— Мальчик, Лайонел, он действительно нужен, чтобы водить повсюду вашего племянника?

— Не совсем. Лайонел — сын Брэдли. Его воспитала бабушка, Мама Тэсс, наш повар здесь, в Сплендоре, вот уже тридцать лет. Не только отец Лайонела, но и его дедушка, и прадедушка были в прошлом слугами у Тайлеров. Мальчик всегда здесь, рядом. Даже когда Брэдли оставил нас и пошел искать свободу. Раньше, когда Рэнни еще только поправлялся, он часто забывал, где он, что делает, и у Лайонела вошло в привычку отводить его домой, помогать одеваться и раздеваться, заботиться о нем. Этот мальчик мне очень помогает.

— Да, конечно, — пробормотала Летти. Тетушка Эм поднялась.

— Ну вот, что-нибудь еще вам принести? Стакан молока или, может быть, немножко моей смородиновой наливки? Как жаль, что я не могу предложить вам чего-нибудь покрепче. Вот уже много лет в доме нет спиртного. Бог свидетель, цены на него взлетели до небес.
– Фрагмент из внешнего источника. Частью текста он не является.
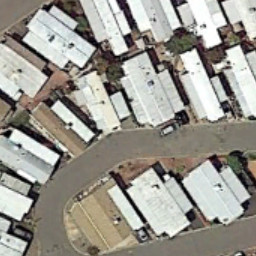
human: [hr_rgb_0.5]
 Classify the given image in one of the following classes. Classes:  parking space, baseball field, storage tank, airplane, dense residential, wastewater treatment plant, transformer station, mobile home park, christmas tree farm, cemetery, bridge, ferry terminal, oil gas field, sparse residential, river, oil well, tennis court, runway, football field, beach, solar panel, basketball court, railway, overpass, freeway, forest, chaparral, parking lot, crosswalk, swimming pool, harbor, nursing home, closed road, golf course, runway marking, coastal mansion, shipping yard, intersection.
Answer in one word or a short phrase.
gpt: mobile home park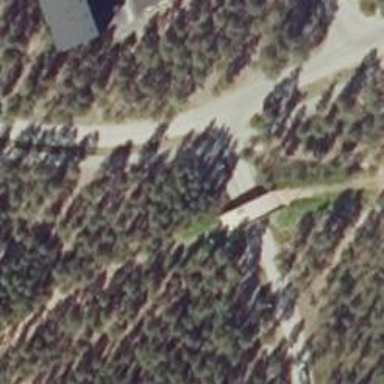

Когда Летти отказалась; тетушка Эм предложила приготовить другую комнату или даже отдать свою собственную спальню, если ей не хочется оставаться в этой. Летти поблагодарила за заботу и в конце концов убедила пожилую женщину, что она не собирается провести остаток ночи не смыкая глаз и разглядывая тени.

После, когда тетушка Эм ушла, забрав с собою лампу, Летти лежала с широко раскрытыми глазами посреди огромной кровати с балдахином. Она не ,была уверена, что ей следовало проявлять такую отвагу. От дуновения ночного воздуха, проникающего через раскрытое окно, занавески двигались, как бледные призраки. Дом был полон скрипов и звуков, а на улице, в кустах и зарослях палисадника время от времени слышалось тихое шуршание какого-то крадущегося ночного животного. Летти подумывала встать и закрыть окно, но ночь была слишком теплой. Кроме того, ей не хотелось даже приближаться к окну. Она совсем не думала, что Шип притаился за окном, чтобы снова схватить ее, но рациональность ее мышления, казалось, была не в ладах с чувствами.

Никогда еще за всю свою жизнь она не ощущала себя такой беспомощной, как в тот момент, когда Шип обнял ее. Никогда еще ее так не целовали, так настойчиво и в то же время так сладостно. Это переживание она была бы не прочь повторить.

В действительности, если не считать целомудренных поцелуев в лоб ее отца, когда она была маленькой, ее целовал только один мужчина — ее жених, Чарльз Смоллвуд. Несколько раз он обнимал ее в укромных уголках и даже однажды весной возил за город, правда, дальше этого мысли его не шли. Его ласки никогда не были особенно приятными. Его губы были твердыми и сжатыми, а возбуждение так велико, что поцелуи приносили боль и оставляли чувство подавленности и протеста…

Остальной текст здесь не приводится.